Tuesday, December 13, 2011

Rumpole and the Reign of Terror

What I try to do with reviews at this Bookshelf blog is keep it simple and spoiler-free, and let you know whether I'd recommend you pick up a copy of what I just read. Seems to work okay. This time, a brief review of Rumpole and the Reign of Terror (Viking, 2006).



I didn't actually intend to read this book. I felt that after suffering the disappointments of three volumes of John Mortimer's lackluster short stories about Rumpole, none of them a patch on the television scripts, I was pleased to end on the very high note of his terrific novel Rumpole and the Penge Bungalow Murders. So I had to bite my lip a little when my friend David offered to lend me this 2006 novel, worried that it might spoil the very happy memory of the very good book that I'd finished. Since I'm certainly not quite so tacky as to reward a friend's generous thought that I should enjoy it with a negative review - it's not like this is some infernal Harry Potter book here, and the lender a fangirl blind to its faults - you dear readers have probably guessed that I did enjoy this novel a good deal in the end.

This time out, Rumpole is again defending one of the members of the extended Timson family when a niece of the present accused asks for his help. Her husband, a doctor born in Pakistan, has been arrested as a terrorist and, because the security of the nation is at stake, not told what the evidence against him is; indeed, not even told specifically what he's meant to have done. Attempting a defense is one of Rumpole's greatest challenges to date; because of the classified nature of the intelligence, even he can't find out where he's supposed to begin.

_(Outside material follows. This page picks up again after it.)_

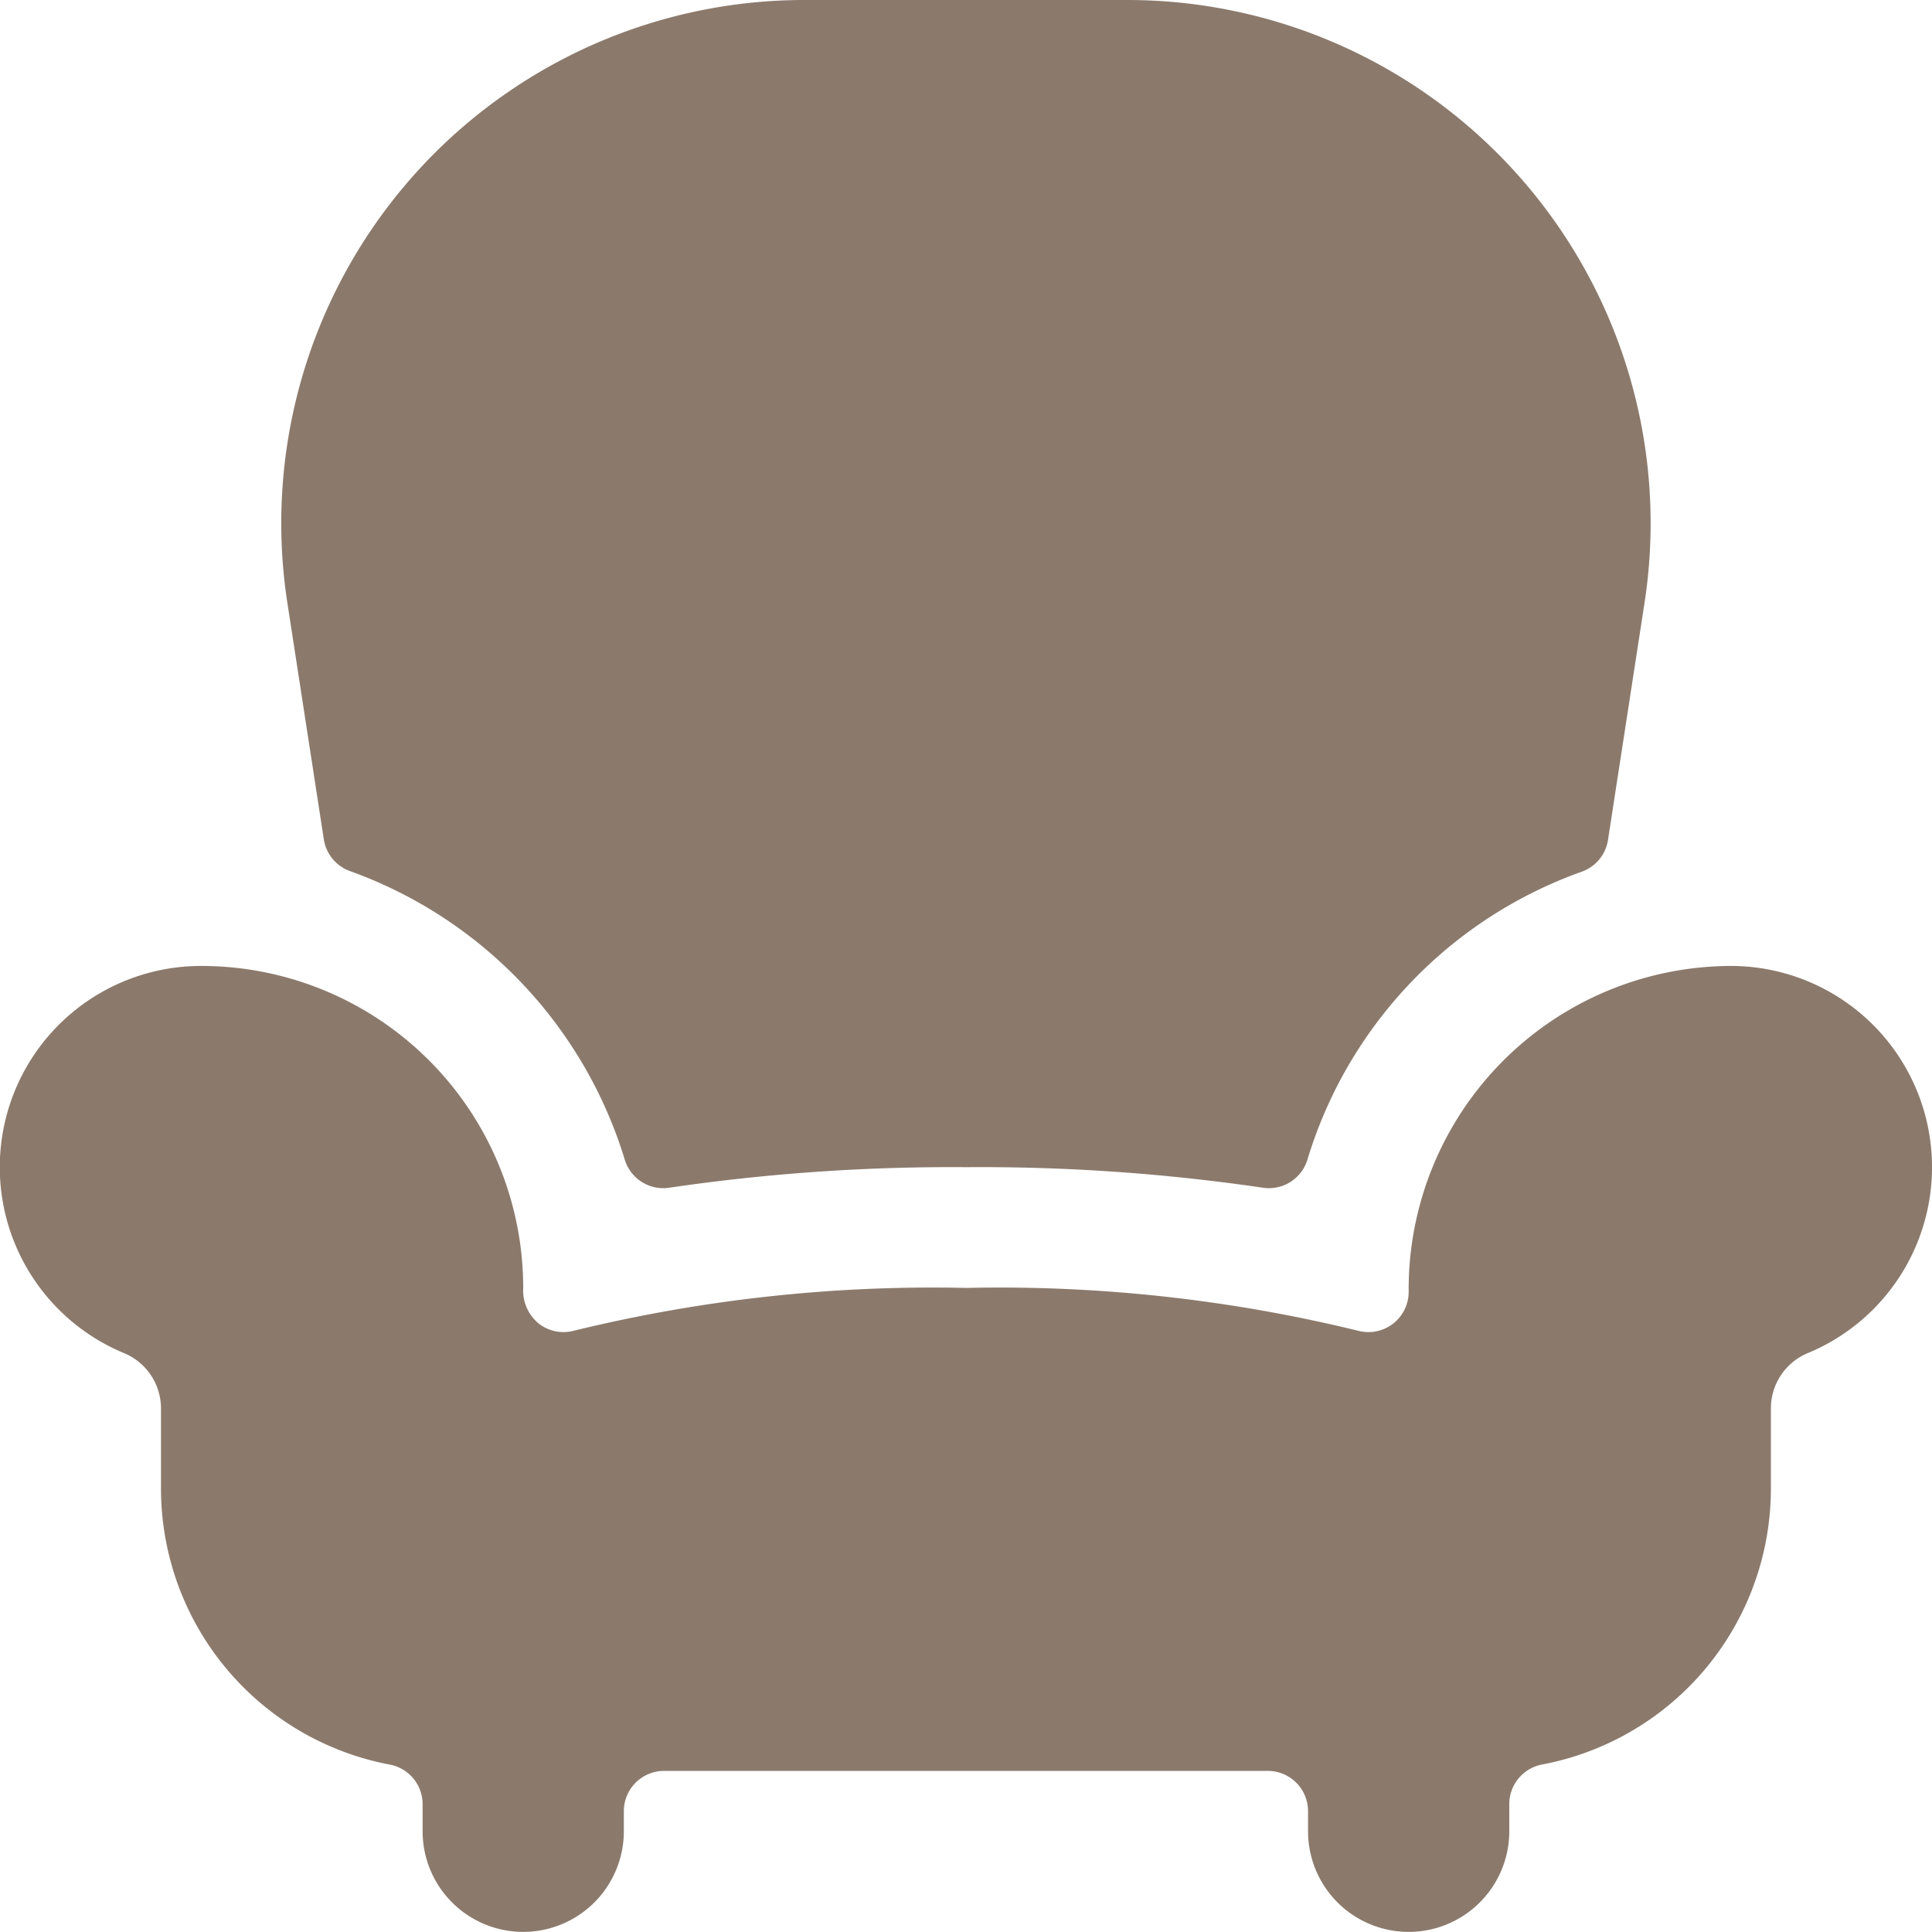 <svg viewBox="0 0 140 140" height="140" width="140" xmlns="http://www.w3.org/2000/svg"><g transform="matrix(5.833,0,0,5.833,0,0)"><path d="M4.023,10.428a.5.5,0,0,0,.326.394,5.52,5.52,0,0,1,3.412,3.583.5.5,0,0,0,.554.35A24.141,24.141,0,0,1,12,14.5a24.112,24.112,0,0,1,3.687.255.5.5,0,0,0,.555-.348,5.482,5.482,0,0,1,3.406-3.577.5.5,0,0,0,.329-.4L20.43,7.49A6.5,6.5,0,0,0,14,0H9.99A6.5,6.5,0,0,0,3.57,7.49Z" fill="#8b7a6c" stroke="none" stroke-linecap="round" stroke-linejoin="round" stroke-width="0"></path><path d="M21.5,12a4.015,4.015,0,0,0-4,4.048.5.5,0,0,1-.632.483A18.756,18.756,0,0,0,12,16a18.756,18.756,0,0,0-4.868.531.5.5,0,0,1-.436-.086A.529.529,0,0,1,6.5,16a4,4,0,0,0-4-4,2.5,2.5,0,0,0-.961,4.809A.745.745,0,0,1,2,17.5v1a3.491,3.491,0,0,0,2.844,3.422.5.5,0,0,1,.406.491v.337a1.25,1.25,0,0,0,2.5,0V22.5a.5.5,0,0,1,.5-.5h7.5a.5.5,0,0,1,.5.5v.25a1.25,1.25,0,0,0,2.5,0v-.338a.5.5,0,0,1,.406-.491A3.49,3.49,0,0,0,22,18.5v-1a.743.743,0,0,1,.46-.691A2.5,2.5,0,0,0,21.5,12Z" fill="#8b7a6c" stroke="none" stroke-linecap="round" stroke-linejoin="round" stroke-width="0"></path></g></svg>

Britain's draconian laws meant to protect its citizens from terror attacks had clearly got under Mortimer's skin. There was actually a lot of outrage from very good writers about just how oppressive things were getting at this time. A 2005 John Wagner-scripted episode of Judge Dredd, illustrated by Phil Winslade, was written from a similar perspective of disgust and distrust. Poor Rumpole is finding the evolving basics of courtroom behavior enough of a struggle - judges with word processors? - and to have the laws amended so that hearsay can be entered into evidence is almost too much to bear. And now this.

Things are also as bad as ever on the home front. She Who Must Be Obeyed and her eternal ally Dodo are not at all pleased with Rumpole sinking so low as to defend a terrorist, despite Rumpole's insistence that, in the first place, the government hasn't even started to make a formal case proving that he's anything of the sort, and in the second, he's just "an old taxi," obliged to represent anybody who asks for him. But his intransigence costs him his standing with his best-paying clients, the Timsons, who want nothing to do with either their errant niece or anybody who defends terrorists, and, now that his wife is writing her own memoirs to set straight the record about their tumultuous marriage, it will probably give him a blacker eye there than he thought possible. Then when "the Mad Bull," Lord Justice Bullingham, starts calling around after his wife, you start to wonder just how much an Old Bailey Hack is meant to bear.

This is certainly not a good entry point to the series, as there are quite a few subplots and supporting characters and tightly-drawn continuity by this point, but I would certainly recommend it first to anybody familiar with the character from TV, and secondly to readers not necessarily interested in how it reads as one book in a series, but how well the angry Mortimer handles the controversial subject matter. Not as air-punchingly awesome as The Penge Bungalow Murders, but definitely worth a look.